Sin saberlo, Alex y yo estábamos viviendo la misma novela. Por alguna u otra razón, ambos coqueteábamos con el pasado y una pequeña parte, escondida en lo más recóndito de nuestros corazones, tenía la esperanza de que resultara, de que no tengamos que volver al presente a vivir en esas incertidumbres del día a día que nos comían vivos. Porque, podíamos ser muy diferentes, pero él y yo teníamos una cosa en común: Odiábamos la idea de perder el control. Y, el pasado, significaba control. Algo conocido. Un coqueteo seguro. Tal vez, nos tocaba bailar con la fea, pero vaya que era fácil.
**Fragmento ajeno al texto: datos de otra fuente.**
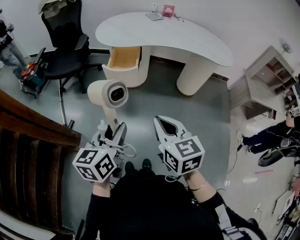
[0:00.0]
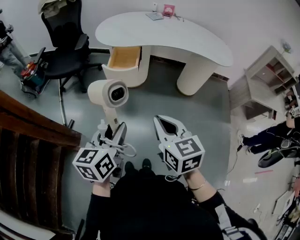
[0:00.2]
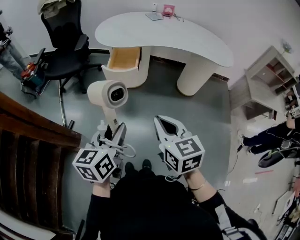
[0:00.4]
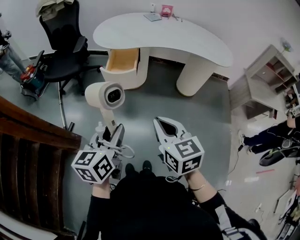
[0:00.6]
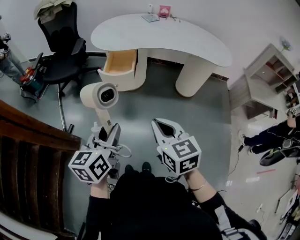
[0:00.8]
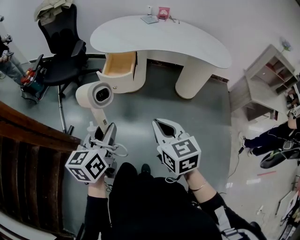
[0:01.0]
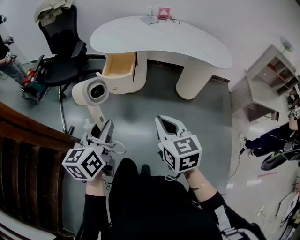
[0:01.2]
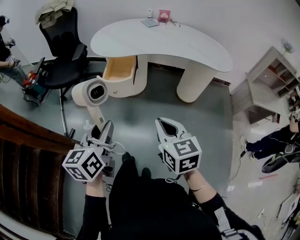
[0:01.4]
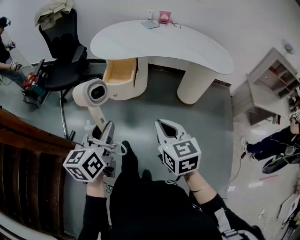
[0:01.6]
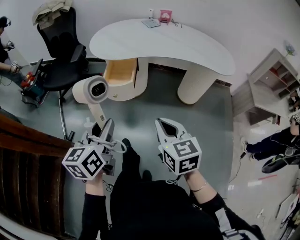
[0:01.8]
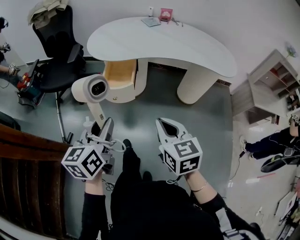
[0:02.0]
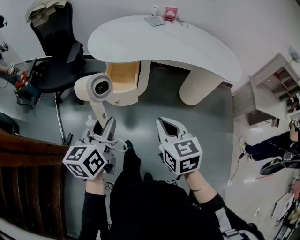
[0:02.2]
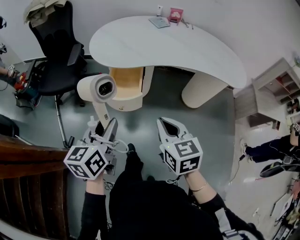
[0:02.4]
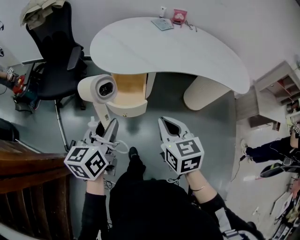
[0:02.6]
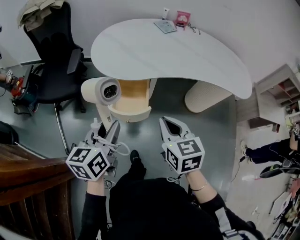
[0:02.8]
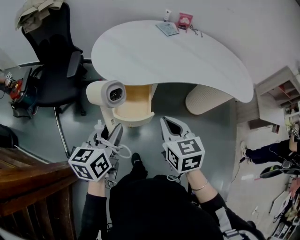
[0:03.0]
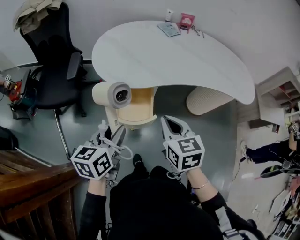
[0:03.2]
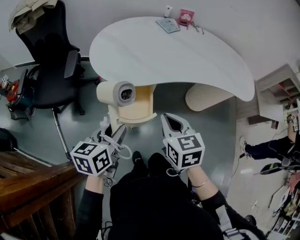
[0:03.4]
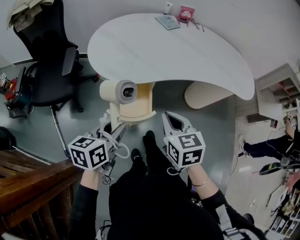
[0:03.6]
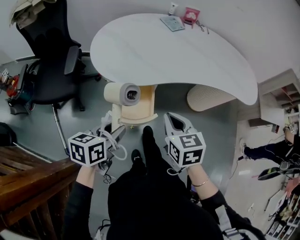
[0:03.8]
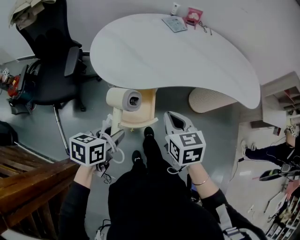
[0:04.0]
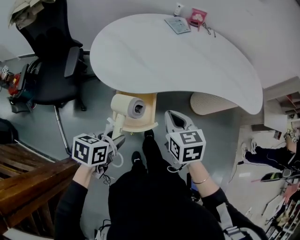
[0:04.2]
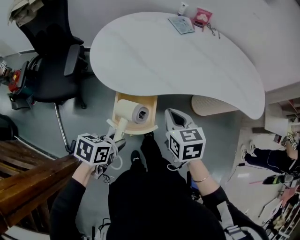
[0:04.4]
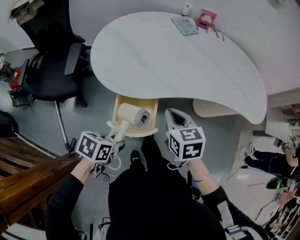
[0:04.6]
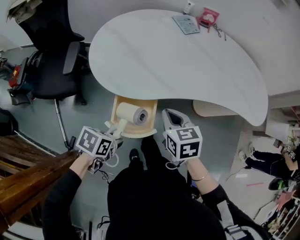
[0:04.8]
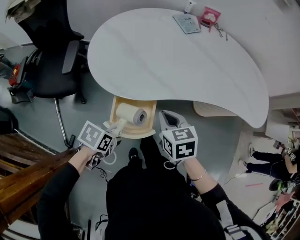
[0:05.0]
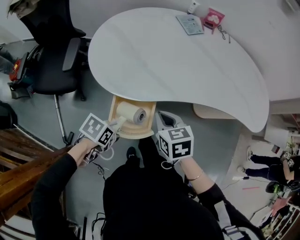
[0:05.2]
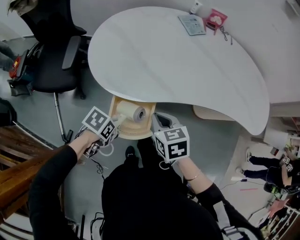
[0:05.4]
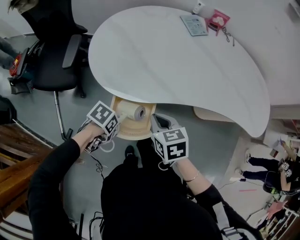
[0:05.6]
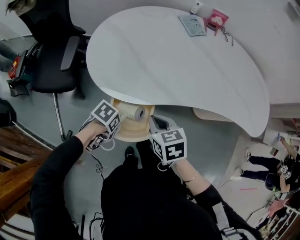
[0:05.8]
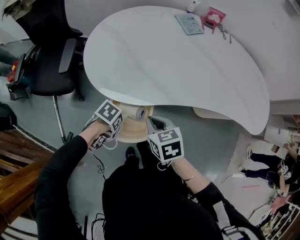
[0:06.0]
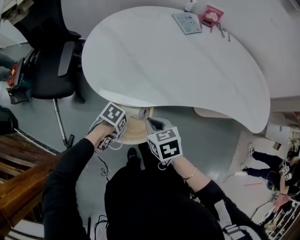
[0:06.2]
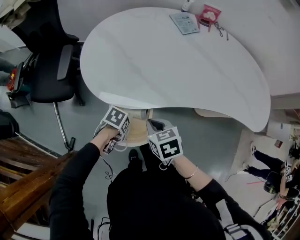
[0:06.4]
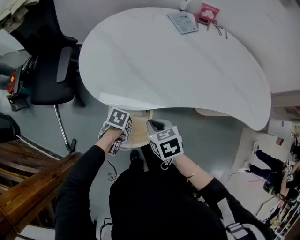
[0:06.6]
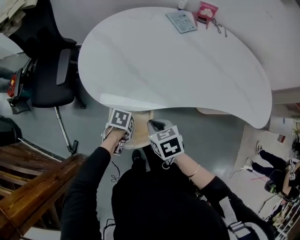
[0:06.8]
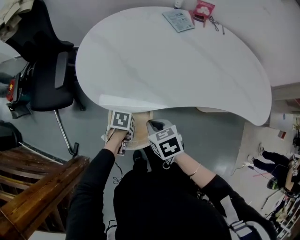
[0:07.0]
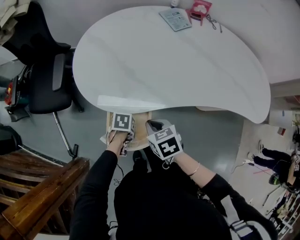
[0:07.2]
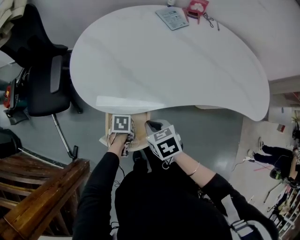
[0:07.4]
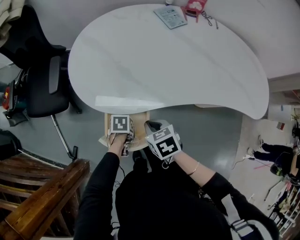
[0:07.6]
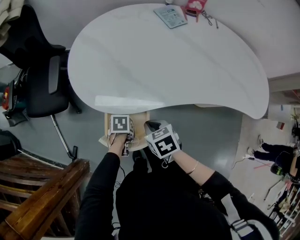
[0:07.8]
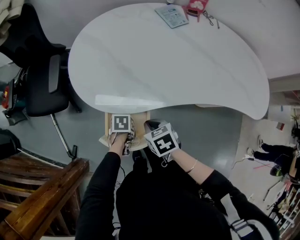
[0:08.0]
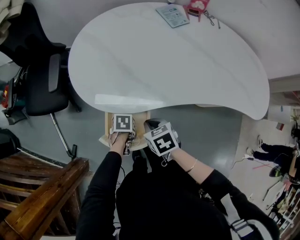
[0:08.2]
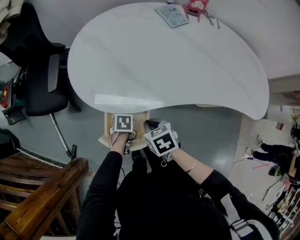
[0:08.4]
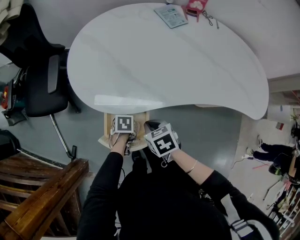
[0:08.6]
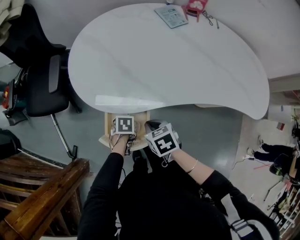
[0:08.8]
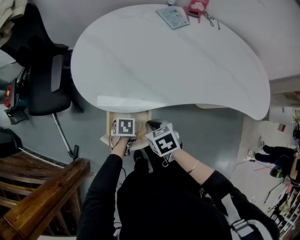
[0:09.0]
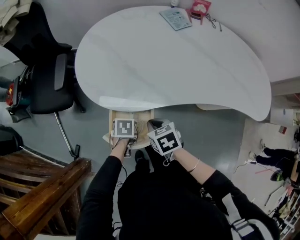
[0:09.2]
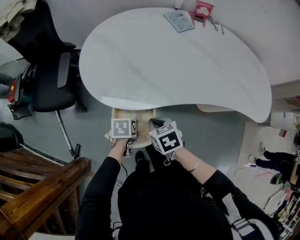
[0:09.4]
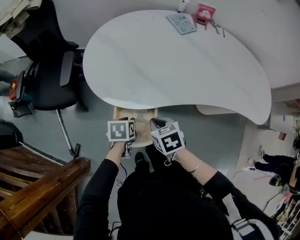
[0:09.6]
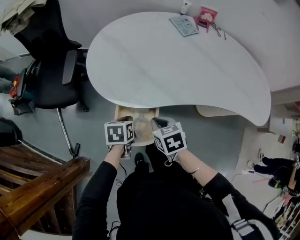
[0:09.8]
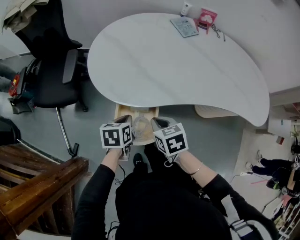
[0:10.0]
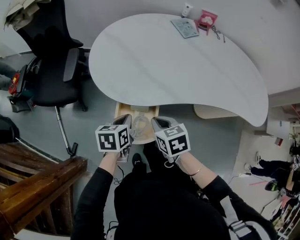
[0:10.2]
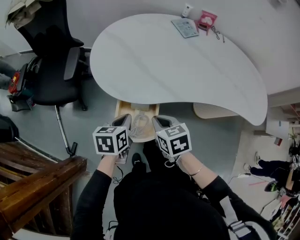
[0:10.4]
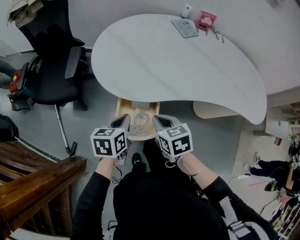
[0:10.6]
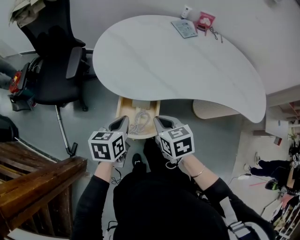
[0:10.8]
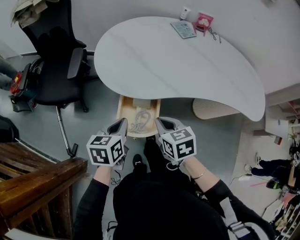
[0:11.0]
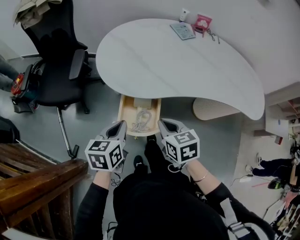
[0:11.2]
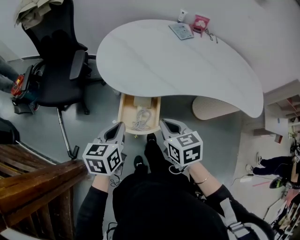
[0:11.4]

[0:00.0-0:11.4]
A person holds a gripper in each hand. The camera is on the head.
0:00.0 to 0:01.4: The right gripper moves to the right, approximately 5 cm. The left gripper heads forward, covering roughly 5 cm.
0:01.4 to 0:02.8: The two grippers go roughly 25 cm forward.
0:02.8 to 0:04.2: The right gripper moves forward, some 15 cm. The left gripper moves downward and forward, approximately 15 cm, and turns by roughly 40 degrees.
0:04.2 to 0:05.6: The left gripper shifts roughly 10 cm downward, and swivels about 40 degrees; the right gripper moves downward, some 5 cm.
0:05.6 to 0:07.2: The left gripper changes place by about 10 cm, and changes its angle by approximately 20 degrees, while the right gripper travels downward by some 5 cm.
0:07.2 to 0:08.6: The grippers make only small movements.
0:08.6 to 0:10.0: The left gripper moves upward, roughly 15 cm, angles its fingers upward, by roughly 30 degrees, and closes its fingers, while the right gripper heads upward, covering roughly 5 cm.
0:10.0 to 0:11.4: The right gripper shifts approximately 10 cm upward and backward. The left gripper goes some 15 cm upward, backward and to the left, and swivels some 20 degrees.

—Es increíble como la historia se repite, ¿no? Tu y yo aquí en este café de hace un par de años, sentados en la misma mesa con vista a Central Park —Wes reía y mostraba su dentadura perfecta cuando lo hacía. Cogió la taza de vidrio que guardaba el café cortado y lo llevó a sus labios con la misma elegancia de hace un par de años atrás cuando no tenía nada más que la gorda billetera de sus padres para sostenerlo. Ahora, la gorda billetera era suya y exhibía, con todo el derecho, la excentricidad que siempre deseó.
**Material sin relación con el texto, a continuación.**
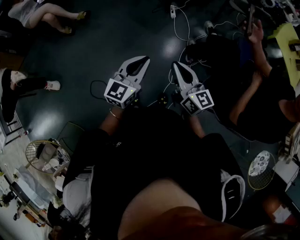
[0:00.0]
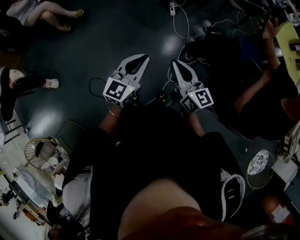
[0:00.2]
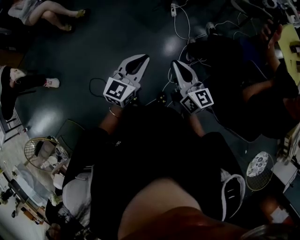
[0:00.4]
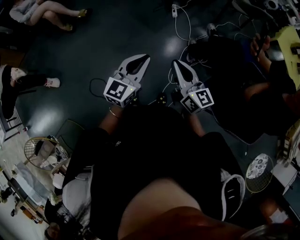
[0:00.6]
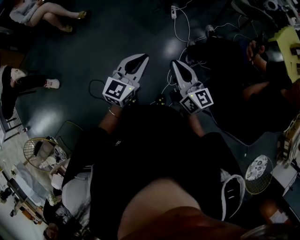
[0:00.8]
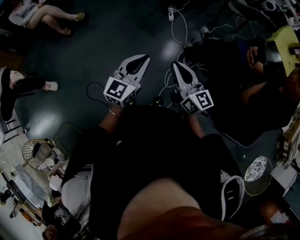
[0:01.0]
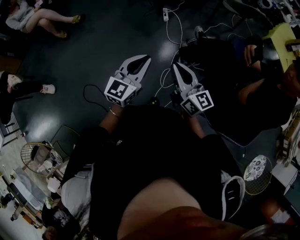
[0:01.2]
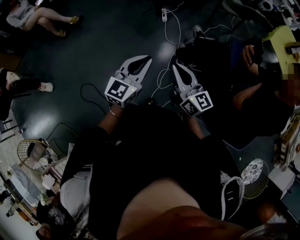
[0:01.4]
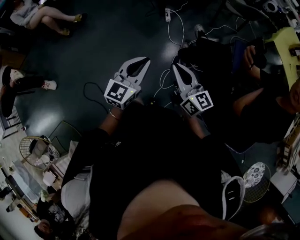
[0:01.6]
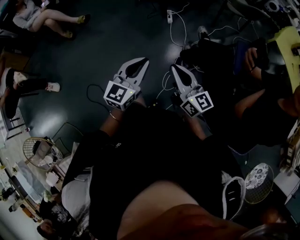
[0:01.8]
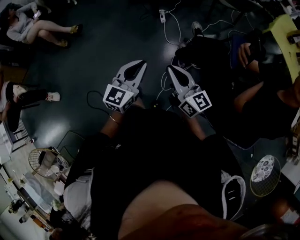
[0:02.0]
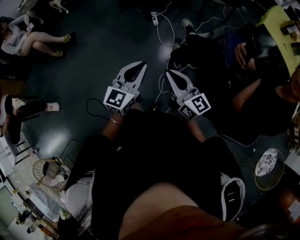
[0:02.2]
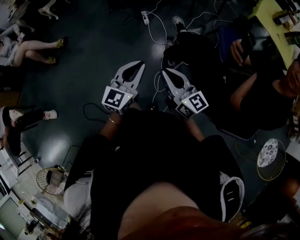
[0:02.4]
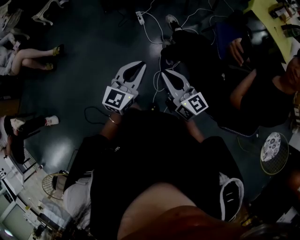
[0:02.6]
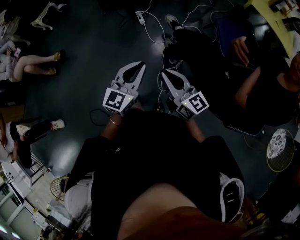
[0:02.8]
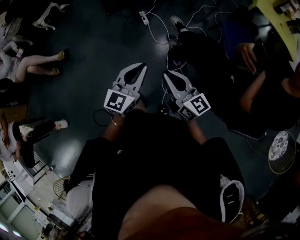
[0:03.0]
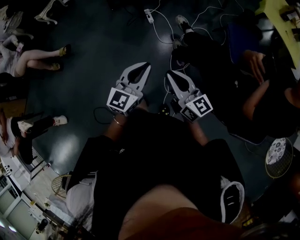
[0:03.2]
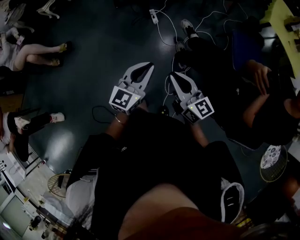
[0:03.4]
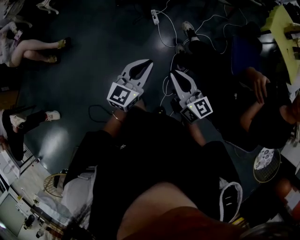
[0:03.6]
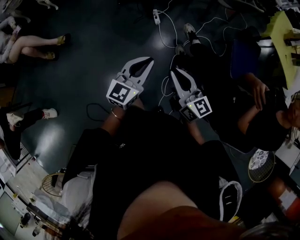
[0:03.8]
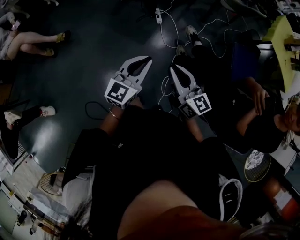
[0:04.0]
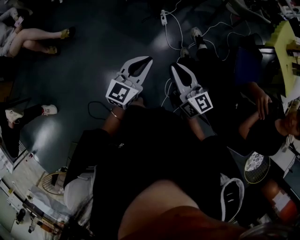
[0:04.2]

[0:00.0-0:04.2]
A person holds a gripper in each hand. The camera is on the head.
0:00.0 to 0:01.4: The grippers both shift to the right by roughly 10 cm.
0:01.4 to 0:02.8: The left gripper moves forward and to the right, some 10 cm, while the right gripper shifts by about 5 cm.
0:02.8 to 0:04.2: The grippers both shift to the left and forward by some 25 cm.

—Y al parecer nada ha cambiado, porque te sigue gustando ese café repugnante —arrugué la nariz.

—Venga, que es riquísimo. Tal vez si lo pruebas ahora te guste. Vamos, algunas cosas deben ser diferentes, ¿no?

—Pues... uso copa menstrual. ¿Eso cuenta? —Me ruboricé en cuanto lo solté. ¿En qué cojones estaba pensando?

Sin embargo, a Wes le causó gracia y se echó a reír. Y yo le seguí.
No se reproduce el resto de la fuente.